**Dataset extract**
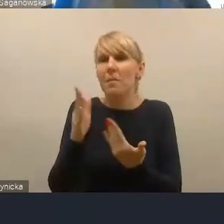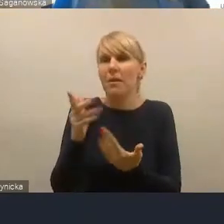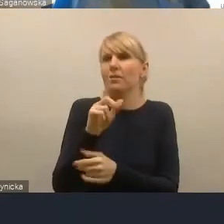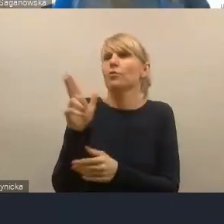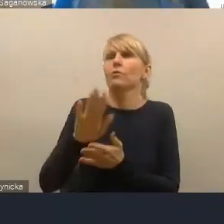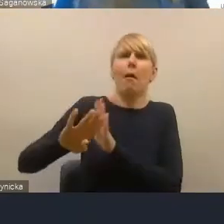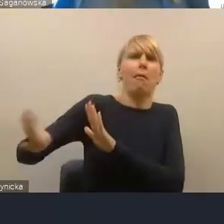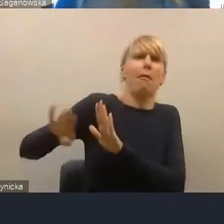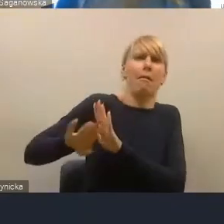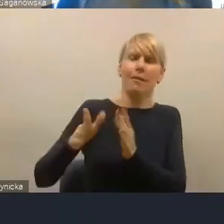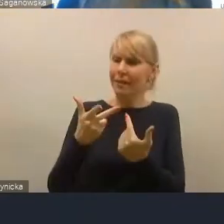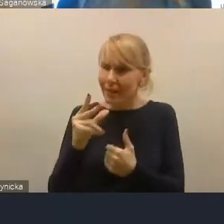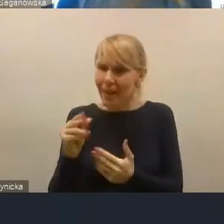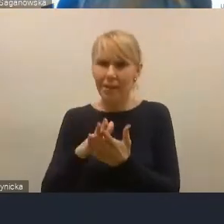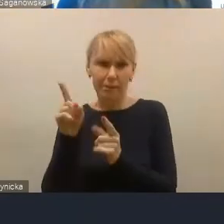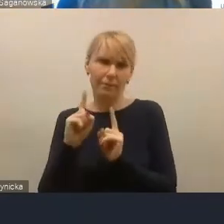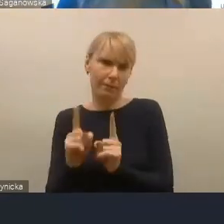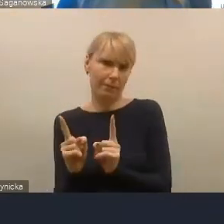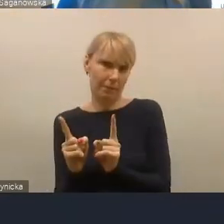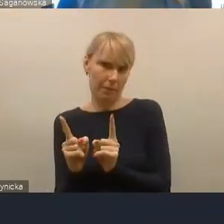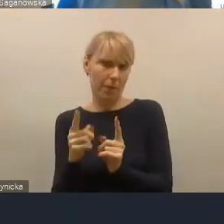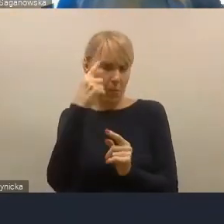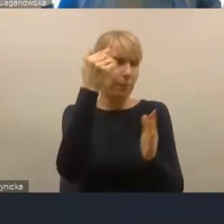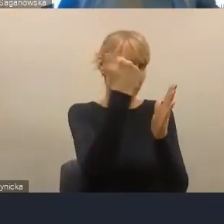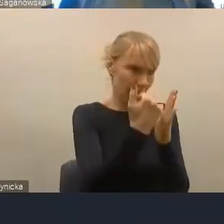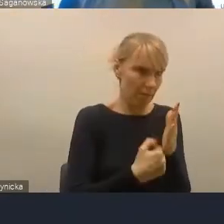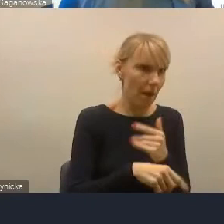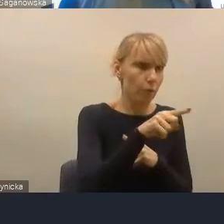Więc kryteria jak najbardziej, te kryteria funkcjonalne,
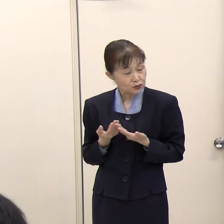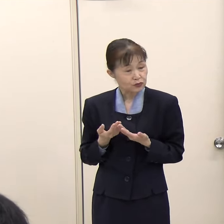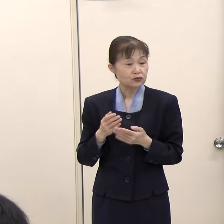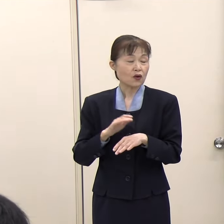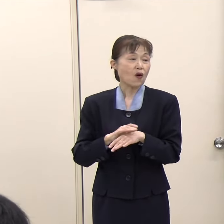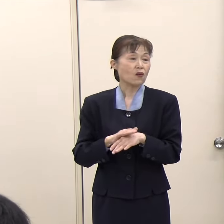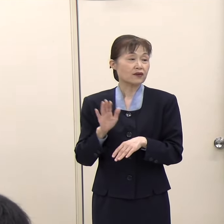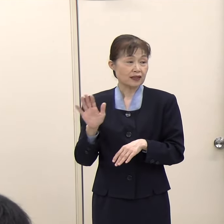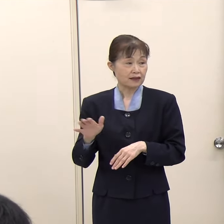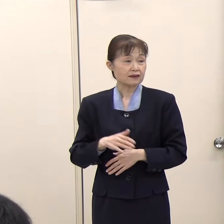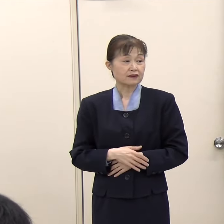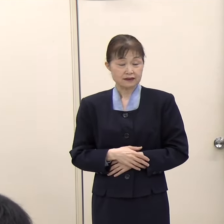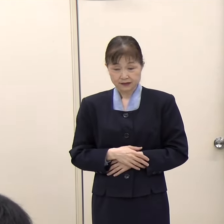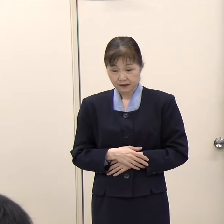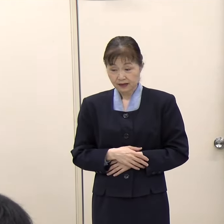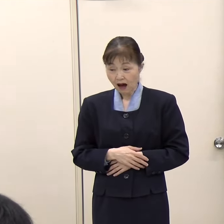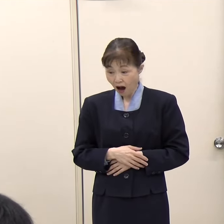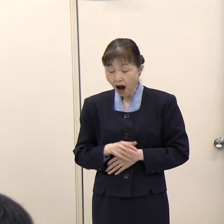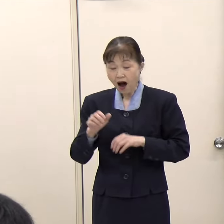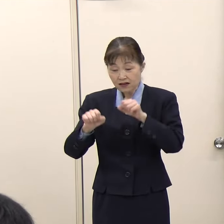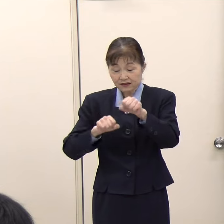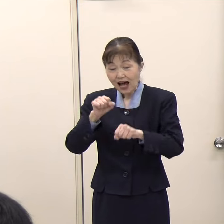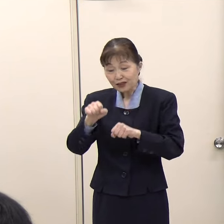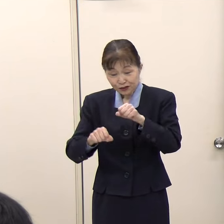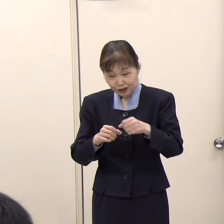（朝日新聞）サイクリングガイドという資格があるのですか。
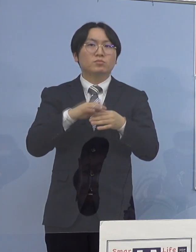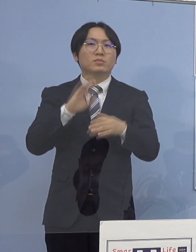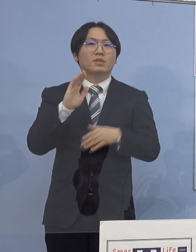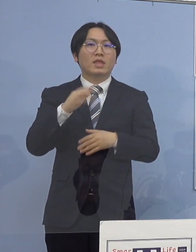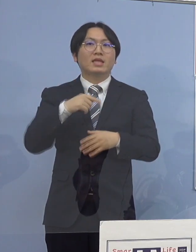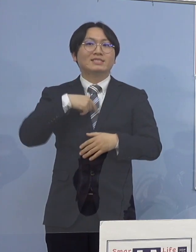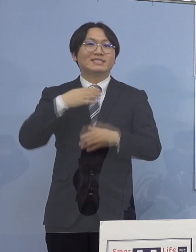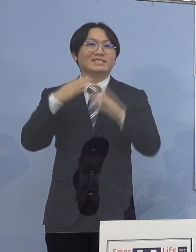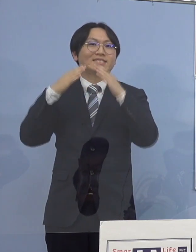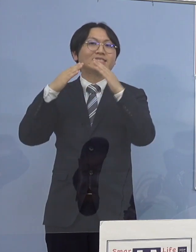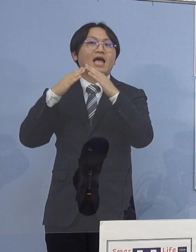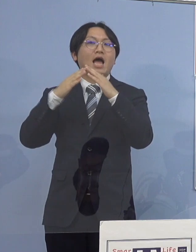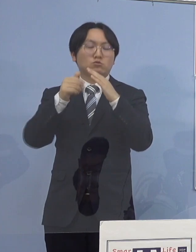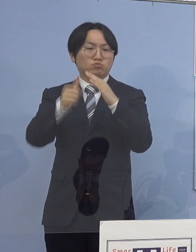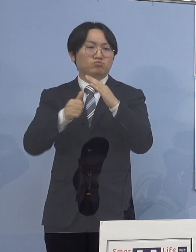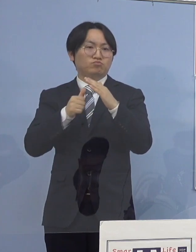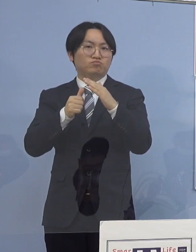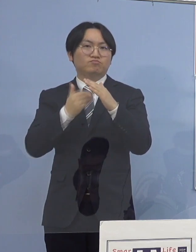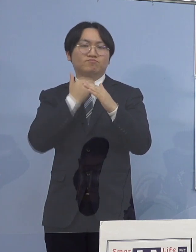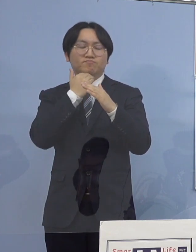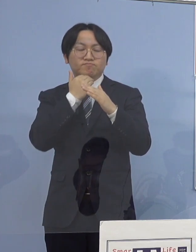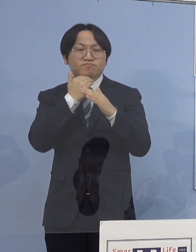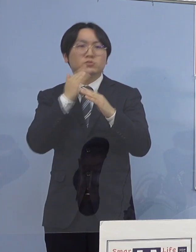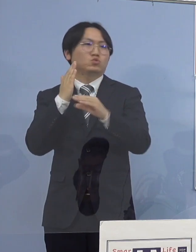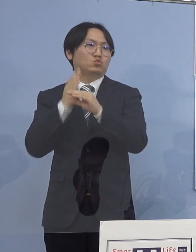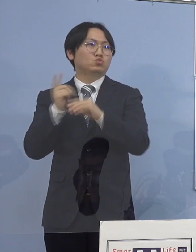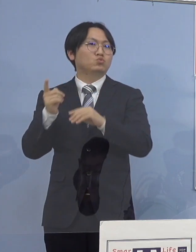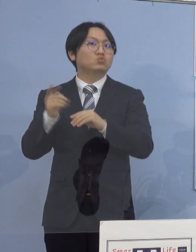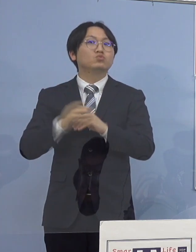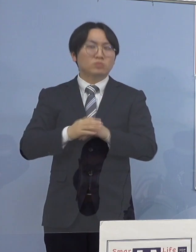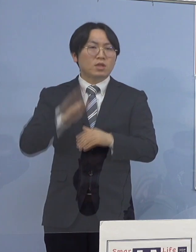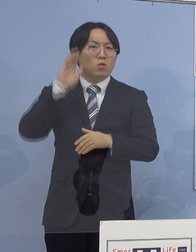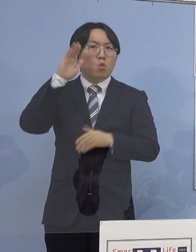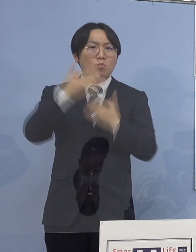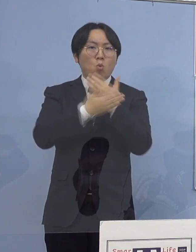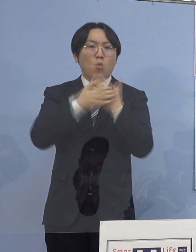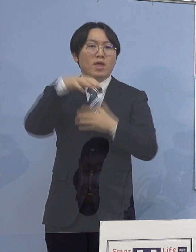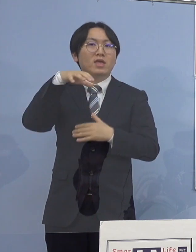引き続き保健所と連携し 適切に対応を図って参ります

**What you should do**
Copy the whole of the material above exactly, but not its images.

**Exercise response**
Więc kryteria jak najbardziej, te kryteria funkcjonalne,
（朝日新聞）サイクリングガイドという資格があるのですか。
引き続き保健所と連携し 適切に対応を図って参ります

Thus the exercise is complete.